Using the material that follows, identify and copy each line with the string "stroke".

━━━ Exercise data ━━━

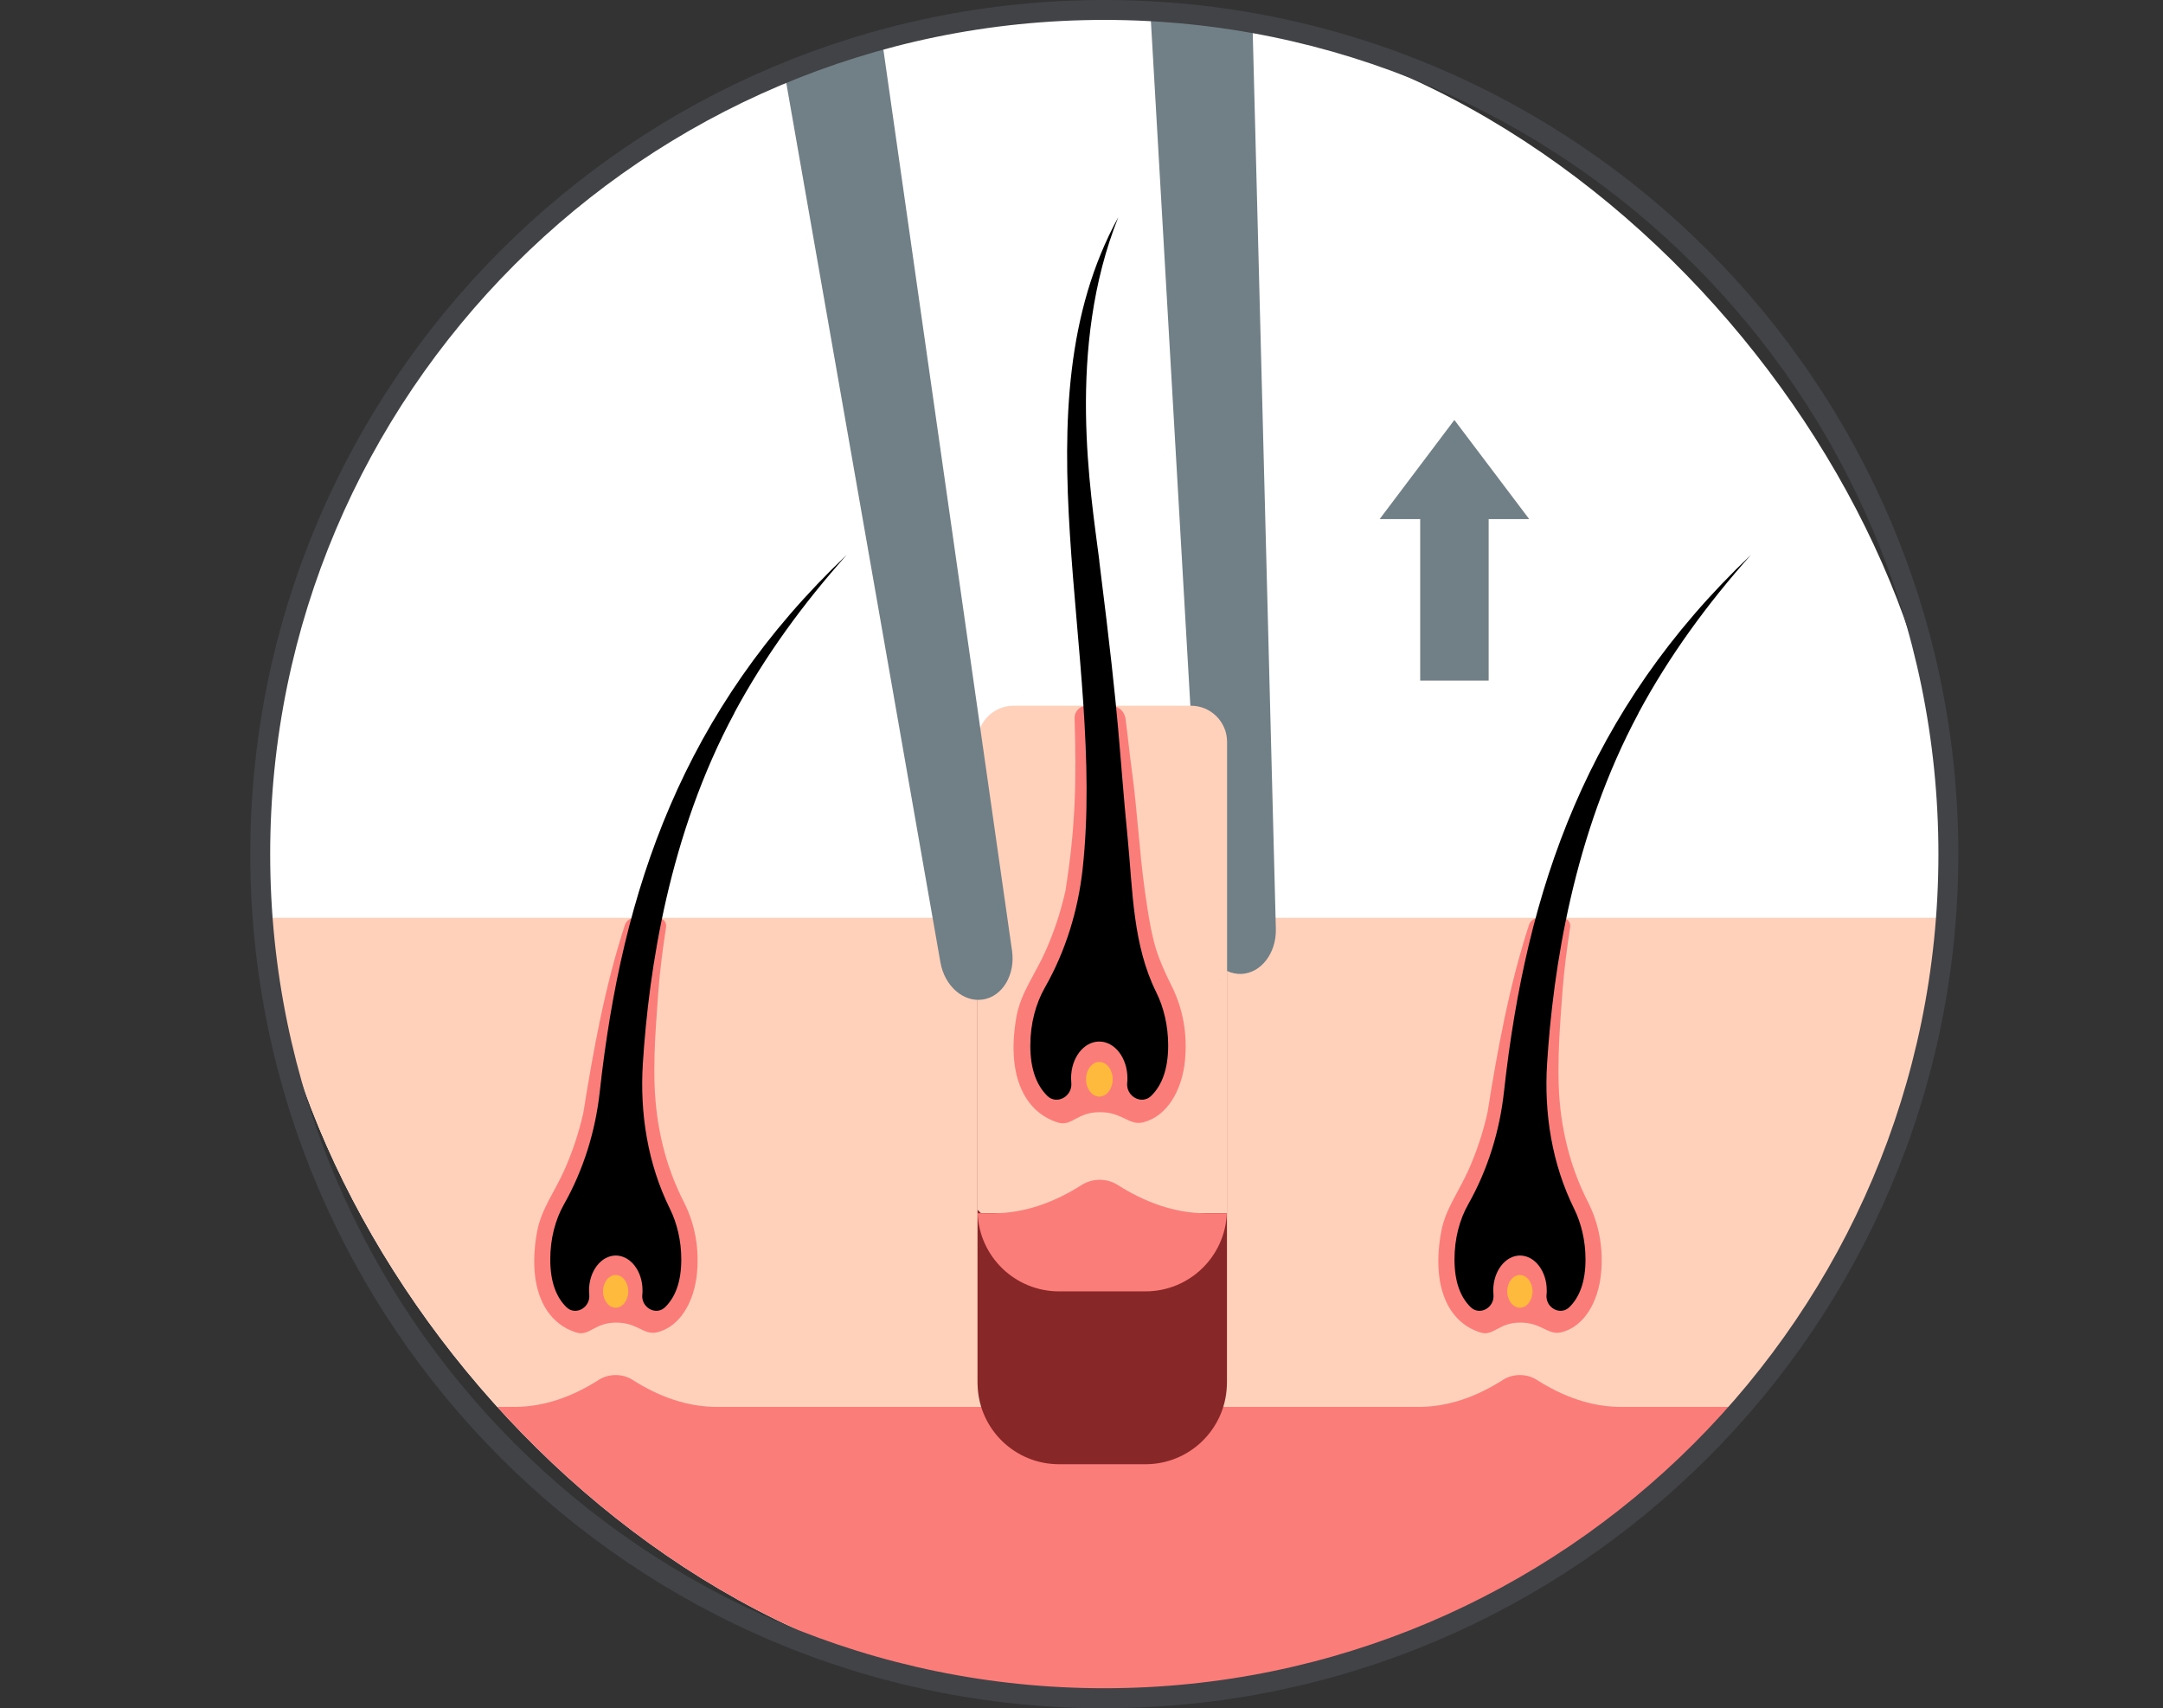 <?xml version="1.0" encoding="UTF-8"?>
<svg xmlns="http://www.w3.org/2000/svg" xmlns:xlink="http://www.w3.org/1999/xlink" id="Layer_2" data-name="Layer 2" viewBox="0 0 183.57 144.97">
  <rect x="0" y="0" width="183.57" height="144.97" fill="#333333" stroke="none"/>
  <defs>
    <style>
      .cls-1 {
        fill: #fb7d79;
      }

      .cls-1, .cls-2, .cls-3, .cls-4, .cls-5, .cls-6, .cls-7, .cls-8, .cls-9 {
        stroke-width: 0px;
      }

      .cls-10 {
        clip-path: url(#clippath);
      }

      .cls-2 {
        fill: none;
      }

      .cls-3 {
        fill: #708086;
      }

      .cls-4 {
        fill: #000;
      }

      .cls-5 {
        fill: #ffcf29;
        opacity: .75;
      }

      .cls-6 {
        fill: #ffd1bb;
      }

      .cls-7 {
        fill: #fff;
      }

      .cls-8 {
        fill: #882727;
      }

      .cls-9 {
        fill: #414347;
      }
    </style>
    <clipPath id="clippath">
      <rect class="cls-2" x="22.08" y=".85" width="143.27" height="143.27" rx="71.64" ry="71.64"></rect>
    </clipPath>
  </defs>
  <g id="Layer_1-2" data-name="Layer 1">
    <rect class="cls-2" width="183.57" height="144.97"></rect>
    <rect class="cls-7" x="22.08" y=".85" width="143.27" height="143.27" rx="71.64" ry="71.64"></rect>
    <g class="cls-10">
      <g>
        <rect class="cls-6" x="22.08" y="77.89" width="143.27" height="41.5"></rect>
        <path class="cls-1" d="M137.54,119.39c-2.55,0-4.95-.91-7.1-2.28-.42-.27-.92-.42-1.45-.42s-1.03.15-1.45.42c-2.15,1.37-4.55,2.28-7.1,2.28h-59.64c-2.55,0-4.95-.91-7.1-2.28-.42-.27-.92-.42-1.45-.42s-1.03.15-1.45.42c-2.15,1.37-4.55,2.28-7.1,2.28h-21.62v25.07h143.27v-25.07h-27.81Z"></path>
        <g>
          <path class="cls-1" d="M132.58,77.89h-.25c-.55,2-.77,4.03-1.16,6.08-.6,3.64-1.22,7.28-.92,11.01.15,1.88.49,3.76,1.09,5.57.48,1.67,1.49,3.12,1.71,4.87.22,1.53-1.47-1.64-4.07-1.64-2.84,0-4.32,3.4-4,1.26.3-1.73,1.39-3.12,1.97-4.74,1.06-2.61,1.62-5.46,1.8-8.23.31-3.86,1.34-10.01,2.1-14.18h-.24c-.38,0-.73.25-.85.61-1.68,5.17-2.67,10.57-3.52,15.92-.38,1.69-.92,3.32-1.62,4.89-.76,1.72-1.95,3.3-2.3,5.17-.84,4.5.46,7.7,3.32,8.6,1.12.35,1.52-.84,3.38-.84s2.34,1.11,3.5.82c1.95-.49,3.13-2.61,3.36-5,.2-2.09-.15-4.14-1.09-6.01-.39-.76-.73-1.53-1.03-2.33-.6-1.59-1.01-3.27-1.25-4.97-.48-3.47-.16-7.08.09-10.58.14-1.84.38-3.67.66-5.5.06-.4-.25-.77-.66-.77Z"></path>
          <path class="cls-4" d="M139.06,60.5c2.59-4.82,5.86-9.29,9.54-13.41-13.91,13.2-19.07,28.39-20.96,45.56-.37,3.36-1.38,6.62-3.04,9.56-.73,1.29-1.16,2.91-1.16,4.67,0,1.91.51,3.2,1.36,4.04.78.77,2.05.05,1.95-1.04-.01-.12-.02-.24-.02-.37,0-1.63,1.02-2.96,2.27-2.96s2.27,1.32,2.27,2.96c0,.12,0,.25-.02.37-.1,1.09,1.17,1.81,1.95,1.04.85-.84,1.36-2.13,1.36-4.04,0-1.59-.36-3.07-.96-4.29-1.89-3.81-2.57-8.11-2.3-12.35.51-8.02,2.23-19.44,7.77-29.74Z"></path>
          <ellipse class="cls-5" cx="128.99" cy="109.59" rx="1.07" ry="1.39"></ellipse>
        </g>
        <g>
          <path class="cls-1" d="M55.85,77.89h-.25c-.55,2-.77,4.03-1.16,6.08-.6,3.64-1.22,7.28-.92,11.01.15,1.88.49,3.76,1.09,5.57.48,1.67,1.49,3.12,1.71,4.87.22,1.53-1.47-1.64-4.07-1.64-2.84,0-4.32,3.4-4,1.26.3-1.73,1.39-3.12,1.97-4.74,1.06-2.61,1.62-5.46,1.8-8.23.31-3.86,1.34-10.01,2.1-14.18h-.24c-.38,0-.73.25-.85.61-1.68,5.17-2.67,10.57-3.52,15.92-.38,1.69-.92,3.32-1.62,4.89-.76,1.72-1.95,3.3-2.3,5.17-.84,4.5.46,7.7,3.32,8.6,1.12.35,1.52-.84,3.38-.84s2.34,1.11,3.5.82c1.95-.49,3.13-2.61,3.36-5,.2-2.09-.15-4.14-1.09-6.01-.39-.76-.73-1.53-1.03-2.33-.6-1.59-1.01-3.27-1.25-4.97-.48-3.47-.16-7.08.09-10.58.14-1.84.38-3.67.66-5.5.06-.4-.25-.77-.66-.77Z"></path>
          <path class="cls-4" d="M62.32,60.5c2.59-4.82,5.86-9.29,9.54-13.41-13.91,13.2-19.07,28.39-20.96,45.56-.37,3.36-1.38,6.62-3.04,9.56-.73,1.29-1.16,2.91-1.16,4.67,0,1.91.51,3.2,1.36,4.04.78.77,2.05.05,1.95-1.04-.01-.12-.02-.24-.02-.37,0-1.63,1.02-2.96,2.27-2.96s2.27,1.32,2.27,2.96c0,.12,0,.25-.02.37-.1,1.09,1.17,1.81,1.95,1.04.85-.84,1.36-2.13,1.36-4.04,0-1.59-.36-3.07-.96-4.29-1.89-3.81-2.57-8.11-2.3-12.35.51-8.02,2.23-19.44,7.77-29.74Z"></path>
          <ellipse class="cls-5" cx="52.25" cy="109.59" rx="1.07" ry="1.39"></ellipse>
        </g>
        <path class="cls-8" d="M82.96,74.57v42.77c0,.1.01.19.01.29h0c.15,3.69,3.18,6.63,6.91,6.63h7.33c3.73,0,6.76-2.94,6.91-6.63h0c0-.1.01-.19.01-.29v-42.77h-21.18Z"></path>
        <path class="cls-3" d="M106.29,1.69l-8.68-1.04,4.52,78.44c.12,2.05,1.55,3.63,3.23,3.56,1.67-.07,2.97-1.77,2.92-3.82l-1.99-77.14Z"></path>
        <g>
          <path class="cls-6" d="M82.96,62.96v39.7l.29.29h20.89v-39.99c0-1.69-1.37-3.07-3.07-3.07h-15.05c-1.69,0-3.07,1.37-3.07,3.07Z"></path>
          <path class="cls-1" d="M89.88,109.59h7.33c3.73,0,6.76-2.94,6.91-6.63h-1.78c-2.68,0-5.22-.96-7.48-2.4-.44-.28-.97-.44-1.53-.44s-1.09.16-1.53.44c-2.26,1.44-4.8,2.4-7.48,2.4h-1.35c.15,3.69,3.18,6.63,6.91,6.63Z"></path>
          <g>
            <path class="cls-1" d="M94.68,64.69c.18,3.88-.36,7.58-.04,11.51.15,1.98.51,3.96,1.15,5.87.5,1.76,1.57,3.29,1.8,5.13.24,1.61-1.55-1.73-4.28-1.73-2.99,0-4.55,3.58-4.21,1.33.32-1.83,1.46-3.28,2.07-5,1.12-2.75,1.7-5.75,1.89-8.67.31-3.91-.83-13.24-.83-13.24-.58,0-1.05.48-1.03,1.06.15,5.39.1,9.1-.78,14.66-.4,1.78-.97,3.5-1.71,5.15-.8,1.81-2.06,3.47-2.43,5.44-.88,4.74.48,8.11,3.5,9.06,1.17.37,1.61-.88,3.56-.88s2.46,1.17,3.69.86c2.05-.52,3.3-2.75,3.54-5.27.21-2.2-.16-4.36-1.15-6.33-.41-.81-.77-1.61-1.09-2.45-.63-1.68-.9-3.79-1.17-5.59-.5-3.65-.62-6.7-1.12-10.36-.23-1.7-.32-2.78-.52-4.25-.08-.63-.62-1.1-1.25-1.1h0c-.14,1.45.3,2.38.41,4.8Z"></path>
            <path class="cls-4" d="M93.3,47.6c-.72-5.72-2.84-18.04,1.61-29.17-8.9,16.23-1.04,37.23-3.03,55.32-.39,3.54-1.45,6.98-3.21,10.07-.77,1.36-1.23,3.06-1.23,4.91,0,2.01.54,3.37,1.43,4.26.82.81,2.16.05,2.05-1.1-.01-.13-.02-.26-.02-.39,0-1.72,1.07-3.11,2.39-3.11s2.39,1.39,2.39,3.11c0,.13,0,.26-.02.39-.11,1.15,1.23,1.91,2.05,1.1.89-.88,1.43-2.24,1.43-4.26,0-1.68-.37-3.23-1.01-4.52-1.99-4.01-1.99-8.55-2.42-13.01-.81-8.26-.56-8.83-2.42-23.61Z"></path>
            <ellipse class="cls-5" cx="93.3" cy="91.59" rx="1.13" ry="1.47"></ellipse>
          </g>
        </g>
        <path class="cls-3" d="M74.78,2.87l-8.29,2.8,13.32,75.99c.35,2.02,1.96,3.43,3.62,3.16h0c1.65-.26,2.75-2.1,2.46-4.13L74.78,2.87Z"></path>
        <polygon class="cls-3" points="129.78 44.05 123.43 35.64 117.09 44.05 120.53 44.05 120.53 57.76 126.34 57.76 126.34 44.05 129.78 44.05"></polygon>
      </g>
    </g>
    <path class="cls-9" d="M93.72,144.97c-39.97,0-72.48-32.52-72.48-72.48S53.75,0,93.72,0s72.48,32.52,72.48,72.48-32.52,72.48-72.48,72.48ZM93.72,1.69C54.68,1.69,22.93,33.45,22.93,72.48s31.76,70.79,70.79,70.79,70.79-31.76,70.79-70.79S132.75,1.69,93.72,1.69Z"></path>
  </g>
</svg>

━━━

Answer section ->
  <rect x="0" y="0" width="183.57" height="144.97" fill="#333333" stroke="none"/>
        stroke-width: 0px;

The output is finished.